FOSS developer Xe Iaso detailed in a January blog post how AmazonBot relentlessly hammered a Git server, causing DDoS-level disruptions. Despite explicitly forbidding the bot in a robots.txt file, the crawler ignored the directive, masked its IP, and pretended to be other users.
“It’s futile to block AI crawler bots because they lie, change user agents, use residential proxies, and more,” lamented Iaso. “They will scrape your site until it collapses.”
Enter Anubis: The Guardian Against AI Bots
Rather than surrender, Iaso devised an ingenious solution—Anubis, a reverse proxy requiring proof-of-work before allowing requests to reach Git servers. This tool filters out AI bots while allowing human-operated browsers to pass.
The name Anubis, inspired by the Egyptian god of the afterlife, adds an ironic twist. According to mythology, Anubis weighed the hearts of the dead against a feather, condemning those with heavy hearts. Iaso mirrored this judgmental approach, ensuring that bots “fail the test” while humans proceed.
If a request passes the challenge, a whimsical anime-style Anubis illustration appears, confirming success. Within days of its release on GitHub, Anubis gained 2,000 stars, 20 contributors, and 39 forks—evidence of widespread frustration with AI crawlers.
The Growing Movement Against AI Crawlers
Iaso isn’t alone.

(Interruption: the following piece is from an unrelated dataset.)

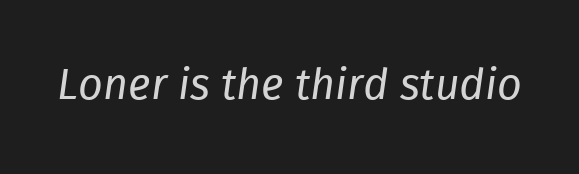
{"italic": "yes", "lean": "right", "slant_degrees": 8, "bold": "no", "weight": "regular", "width": "normal", "stroke_contrast": "low", "x_height": "medium", "monospaced": "no", "underline": "no", "letter_spacing": "normal", "letter_spacing_em": 0.0, "glyph_px": 43}

Developers across the FOSS community have shared their struggles:
- Drew DeVault, founder of SourceHut, spends up to 100% of his workweek mitigating aggressive AI web crawlers.
- Jonathan Corbet, editor of LWN, reports DDoS-level slowdowns caused by AI scraper bots.
- Kevin Fenzi, Fedora Linux sysadmin, blocked all traffic from Brazil due to overwhelming bot activity.
- Some projects have even resorted to blocking entire countries to mitigate crawler abuse.
Fighting Back with Trickery
Beyond Anubis, developers are deploying other creative countermeasures. A Hacker News user suggested poisoning AI crawlers by filling blocked pages with misleading content, such as exaggerated health claims.
A more systematic approach comes from Nepenthes, a tool designed by an anonymous creator known as “Aaron.” Named after a carnivorous plant, Nepenthes traps AI bots in an infinite loop of fake content, frustrating their data-gathering efforts.
Meanwhile, Cloudflare introduced AI Labyrinth, a commercial solution designed to “confuse and waste the resources of AI crawlers.” By feeding bots irrelevant data, Cloudflare prevents them from extracting useful information.
The Ethical Debate
While tools like Anubis and Nepenthes offer satisfying justice, some developers argue for a broader cultural shift. DeVault publicly urged people to stop legitimizing AI-driven tools like LLMs and GitHub Copilot. “I am begging you to stop using them, stop talking about them, stop making new ones—just stop.”
Yet, with AI’s relentless growth, developers are left with little choice but to defend their digital spaces—often with a mix of wit and ingenuity.